İskemik enterokolit yenidoğanda en önemli letal komplikasyondur. Ani distansiyon, safralı kusma, kötü kokulu, bazen kanlı diyare, yüksek ateş ile başlayarak kısa sürede hipovolemik şok, septisemi, intestinal perforasyon ile fatal sonuçlanır.
Tanı
a. Öykü mekonyum pasaj gecikmesi
b. Klinik bulgular (Rektal tuşede boş ampulla ve tuşe sonrası fışkırır tarzda dışkılama tipiktir)
c. Radyoloji - Ayakta direkt karın grafisi: Geniş tabanlı seviyeler. Lavman opak kolon grafisi: Geçiş hattı (Kadeh manzarası) (Ertesi gün kolonda opak maddenin sebat ettiği görülür)

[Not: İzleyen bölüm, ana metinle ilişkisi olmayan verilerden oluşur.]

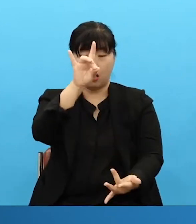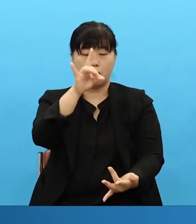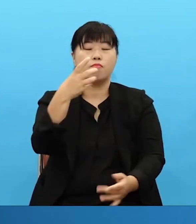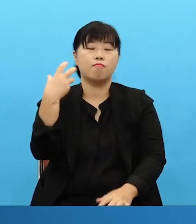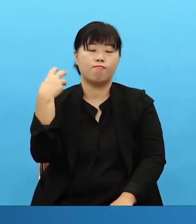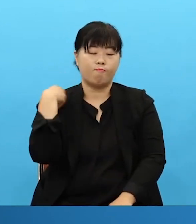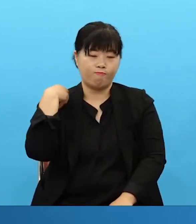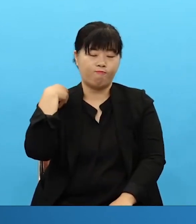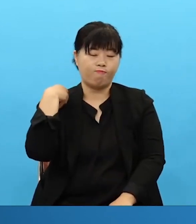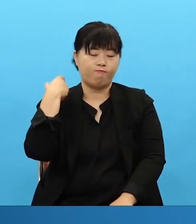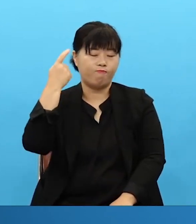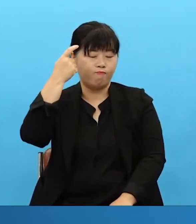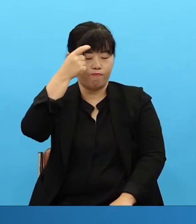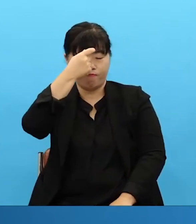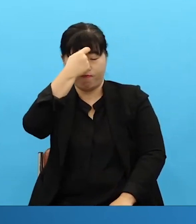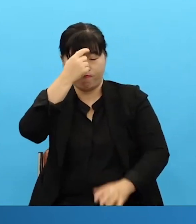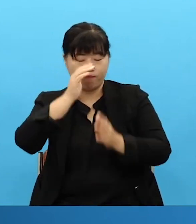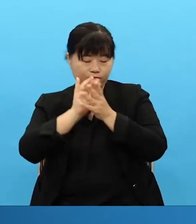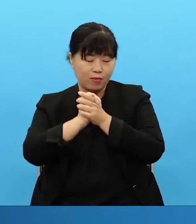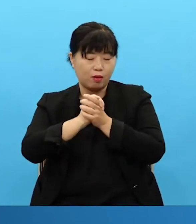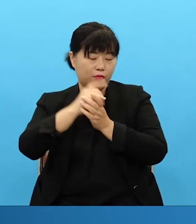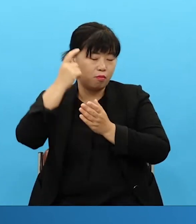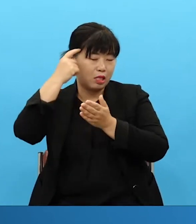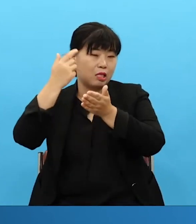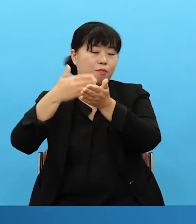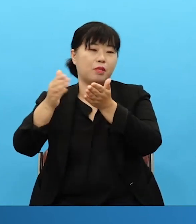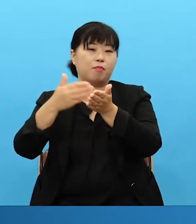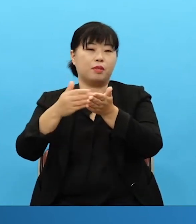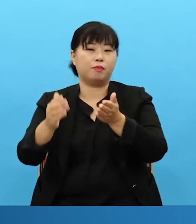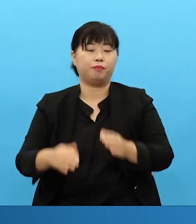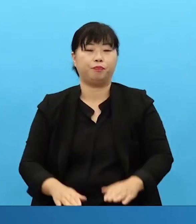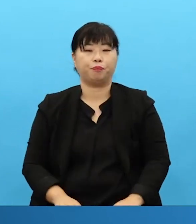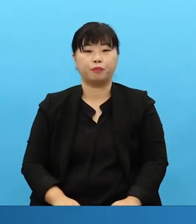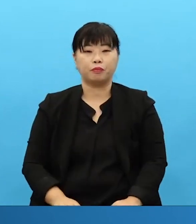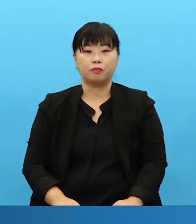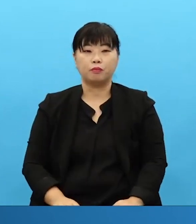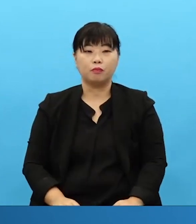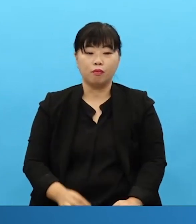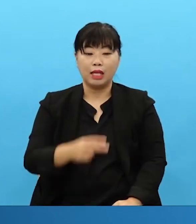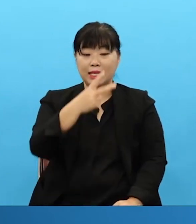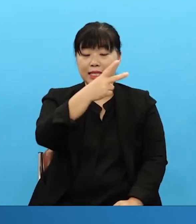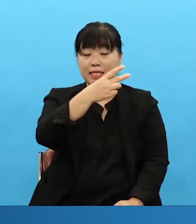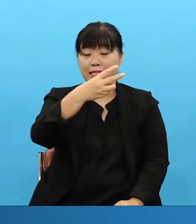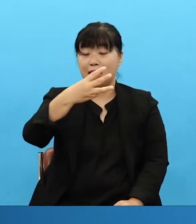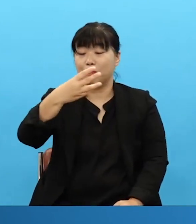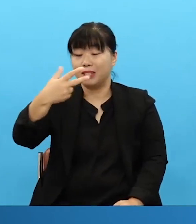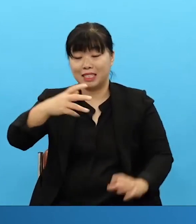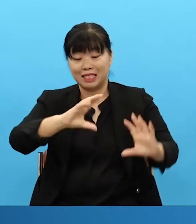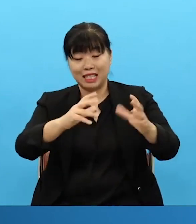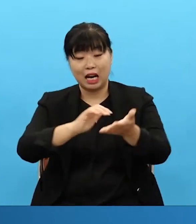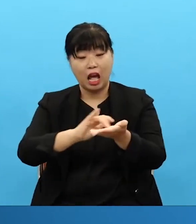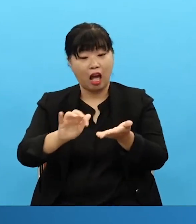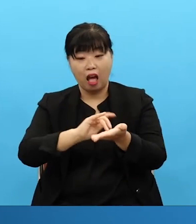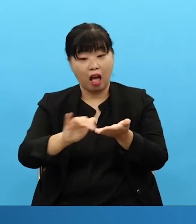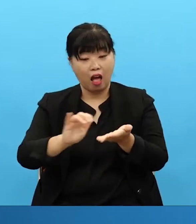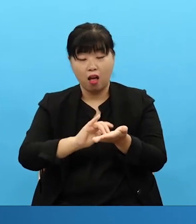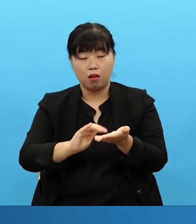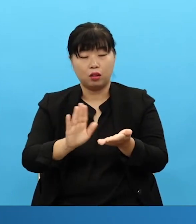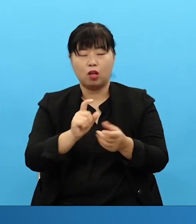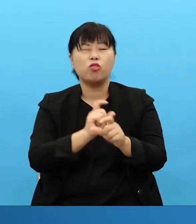마리 2, 3, 7이 넘어요. Of course there are more than 237 nations. 그리고 5,000 종족도 우리가 갈 수 있는

d. Rektum biopsisi - En güvenilir tanı yöntemidir.
Ayırıcı tanı:
Mekonyum ileus, mekonyum tıkacı sendromu, küçük sol kolon sendromu, yenidoğan sepsisi, adrenal yetmezliği, hipotiroidi, fonksiyonel megakolon ile yanılmalıdır.
Ek anomaliler:
Genellikle sağlıklı term bebeğin hastalığıdır. Bununla beraber %5 oranla Down sendromu, aynı oranda genitoüriner sistem anomalileri, daha ender olarak kardiyak anomaliler, sindirim sistemi atrezileri, nöroektodermal orijinli hastalıklar (von Recklinghausen, nöroblastom vb.), MSS anomalileri görülebilir.
Cerrahi tedavi:
Tanı rektum biopsisi ile konulur. Tanı doğrulandıktan sonra tek aşamalı transanal endorektal pull-through operasyonu ile aganglionik kısım çıkarılarak ganglion içeren barsağın anüse bağlanması sağlanır. Komplikasyonlu ve gecikmiş olgularda 3 evreli cerrahi tedavinin ilk aşaması olarak geçici öncelikle acil kolostomi uygulamak gerekebilir.
Ameliyat sonrası dönem:
Tüm ameliyat aşamalarını atlatmış bile olsa her hasta azami 3 ay aralı kontrollarla izlenmeli, diyet ve tuvalet eğitimi kronik konstipasyondaki gibi düzenlenmelidir.